The volume and complexity of secondary legislation likely to be laid under the ‘Great Repeal Bill’, and indeed under other primary legislation related to Brexit, will put significant strains on Parliament’s current processes. Scrutiny committees will need to have the capacity, expertise and legal support to cope with the additional workload. We look to the Secondary Legislation Scrutiny Committee and the Joint Committee on Statutory Instruments, both of which have extensive experience in the scrutiny of secondary legislation, to advise the Liaison Committee as to what will be required to deal with the secondary legislation flowing from the ‘Great Repeal Bill’ and other Brexit-related legislation.
The UK Government will need to make clear what it envisages the role of the devolved institutions to be in the process of domesticating EU law. Will ministers for the devolved institutions be responsible for preparing amendments to those elements of EU law that will, following Brexit, fall within their competence? Or will the UK Government have exclusive responsibility for such matters prior to Brexit day, following which the devolved institution will take on responsibility for elements within devolved competence?

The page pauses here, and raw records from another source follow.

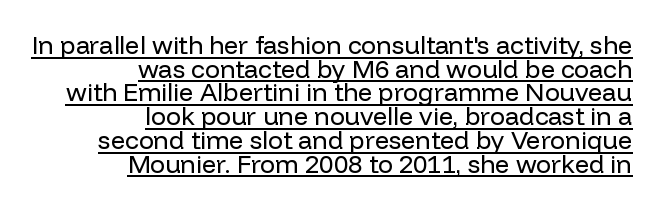
Leading: reduced. The face looks like a standard text weight, possibly lighter. The lines are quadded right. A baseline rule has been typeset under these characters. Compared with typical body copy, the letter spacing here is the same. In terms of posture, this sample is upright.
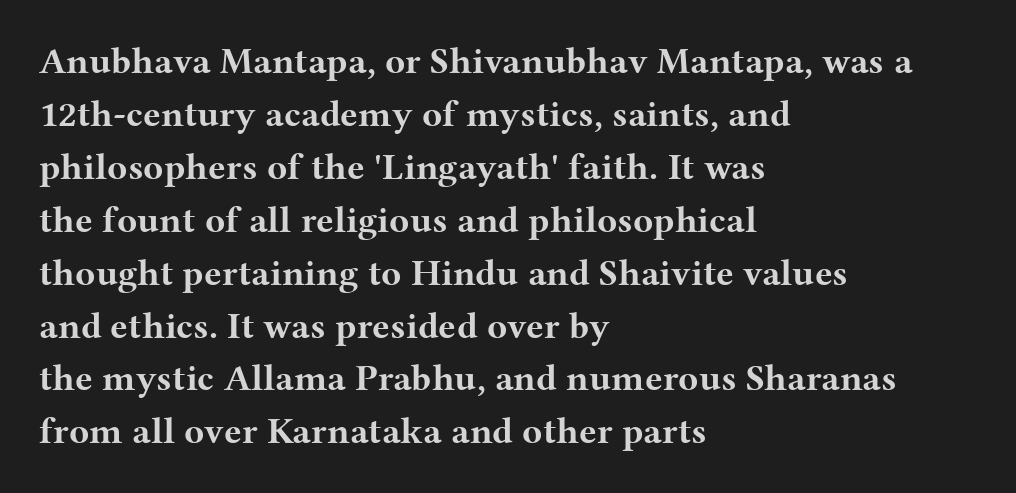
Q: Is the text bold? A: Yes.
Q: Is the text italic (slanted)? A: No, it is upright.
Q: Is the typeface a serif or a sans-serif typeface? A: Serif.
Q: Is the text underlined? A: No.
Q: How is the paragraph aligned? A: Left-aligned.
Q: Is the spacing between letters normal or unusually wide? A: Normal.
Q: Is the spacing between lines tight, normal or loose? A: Normal.
Q: Width (condensed, normal, or wide)? A: Wide.
Q: Stroke contrast? A: Medium.
Q: x-height? A: Medium.
Q: Monospaced? A: No.
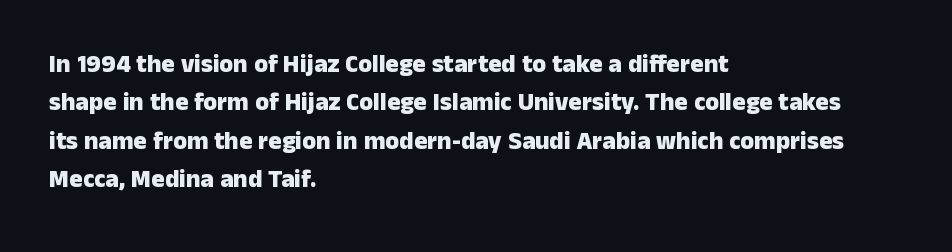
{"italic": "no", "bold": "yes", "underline": "no", "align": "left", "line_spacing": "normal", "line_spacing_ratio": 1.54, "letter_spacing": "normal", "letter_spacing_em": 0.0, "glyph_px": 25}
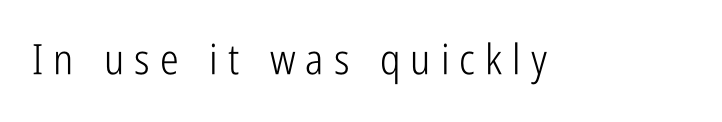
Q: Is the text bold? A: No.
Q: Is the text italic (slanted)? A: No, it is upright.
Q: Is the typeface a serif or a sans-serif typeface? A: Sans-serif.
Q: Is the text underlined? A: No.
Q: Is the spacing between letters normal or unusually wide? A: Unusually wide.
Q: Width (condensed, normal, or wide)? A: Condensed.
Q: Stroke contrast? A: Low.
Q: x-height? A: Medium.
Q: Monospaced? A: No.
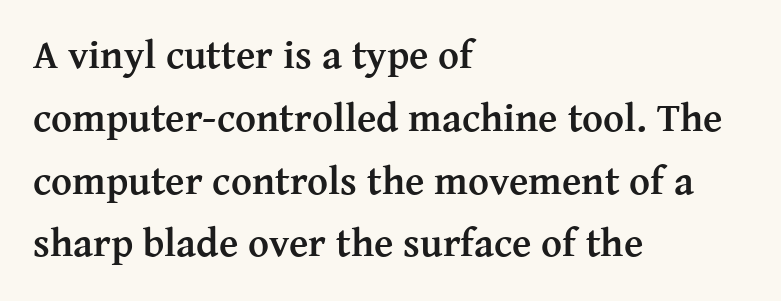
{"serif": "yes", "italic": "no", "bold": "yes", "weight": "semibold", "width": "normal", "stroke_contrast": "medium", "x_height": "medium", "monospaced": "no", "underline": "no", "align": "left", "line_spacing": "normal", "line_spacing_ratio": 1.57, "letter_spacing": "normal", "letter_spacing_em": 0.0, "glyph_px": 40}
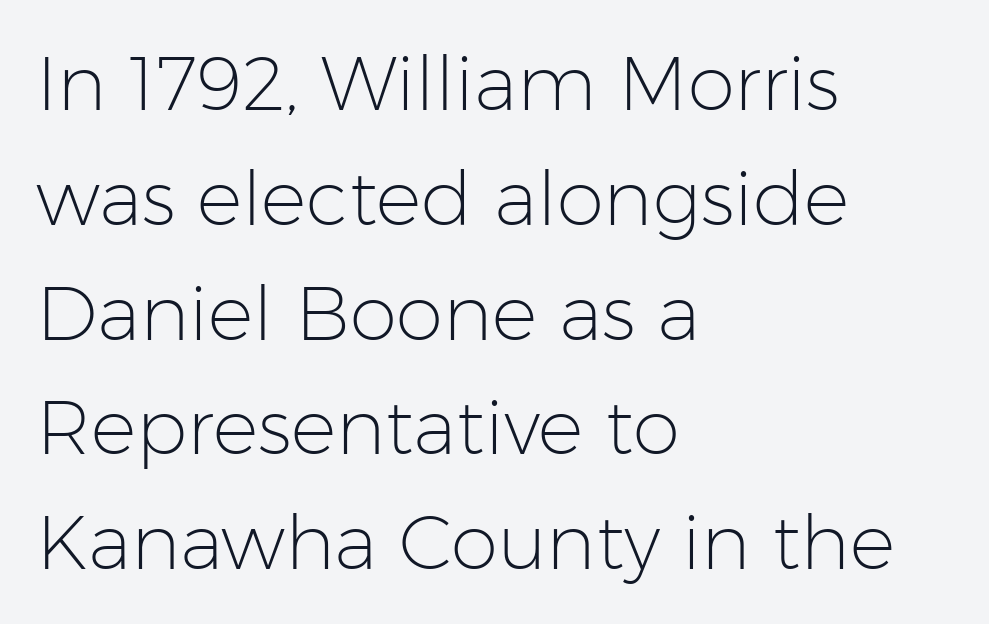
The image shows 76 px light sans-serif type, upright; set left-aligned, normal line spacing (1.51x), normal letter spacing, not underlined; low stroke contrast and a medium x-height.
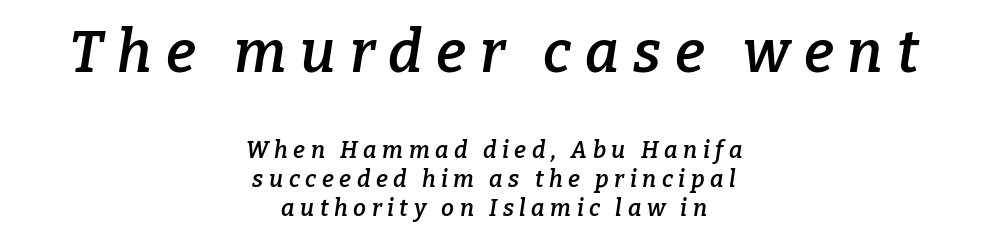
The image shows 58 px semibold serif type, italic (leaning right); set centered, normal line spacing (1.26x), unusually wide letter spacing (+0.24 em), not underlined; the first (top) block is 2.52x larger; low stroke contrast and a medium x-height.
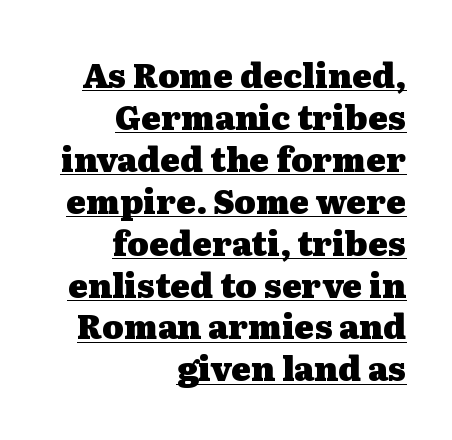
{"serif": "yes", "italic": "no", "bold": "yes", "weight": "heavy", "width": "wide", "stroke_contrast": "medium", "x_height": "medium", "monospaced": "no", "underline": "yes", "align": "right", "line_spacing": "normal", "line_spacing_ratio": 1.27, "letter_spacing": "normal", "letter_spacing_em": 0.0, "glyph_px": 33}
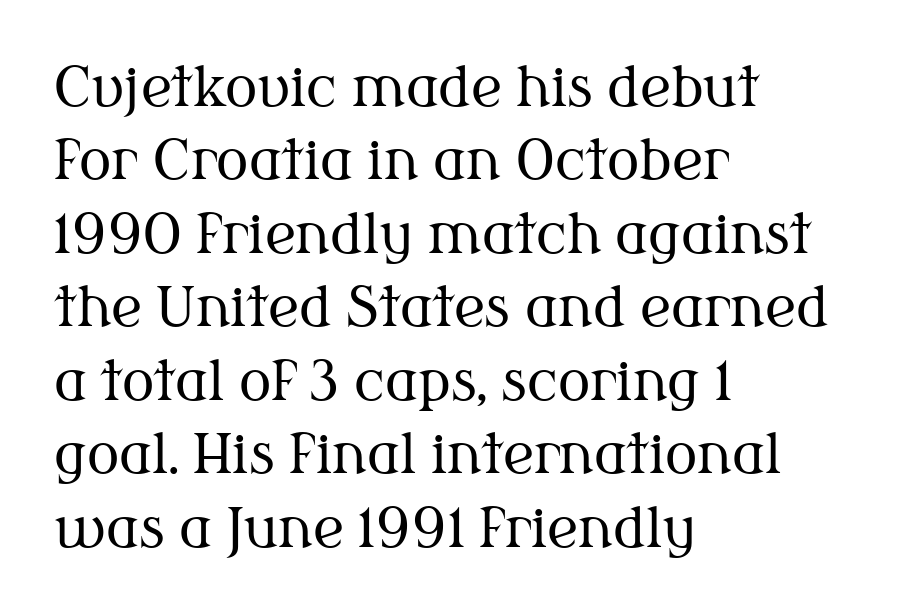
Check where the strokes stop: tiny serifs finish them off. Summary of vertical rhythm: regular, with standard interline spacing. Spacing between characters is what you'd get straight out of the box. Tall strokes in this sample are plumb rather than angled. The specimen omits any rule beneath the text block's lines. Summary of weight: not heavy and not bold.
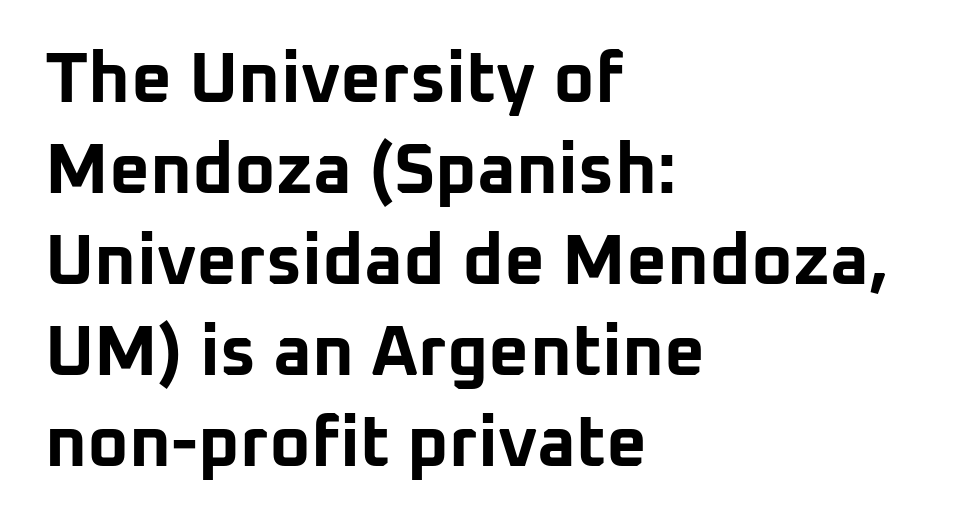
The image shows 71 px bold sans-serif type, upright; set left-aligned, normal line spacing (1.28x), normal letter spacing, not underlined; low stroke contrast and a medium x-height.

The domestication of EU law will also have implications for the devolution settlements. The UK’s exit from the EU will provide the devolved legislatures with the freedom to legislate in devolved areas that are currently circumscribed by EU law. This will mean that the UK Government and the devolved administrations will need to manage new interfaces—and potentially overlapping responsibilities—between reserved matters and devolved competence in areas where the writ of EU law no longer runs. The UK Government and devolved administrations will need to agree, before Brexit, how those new interfaces will be managed.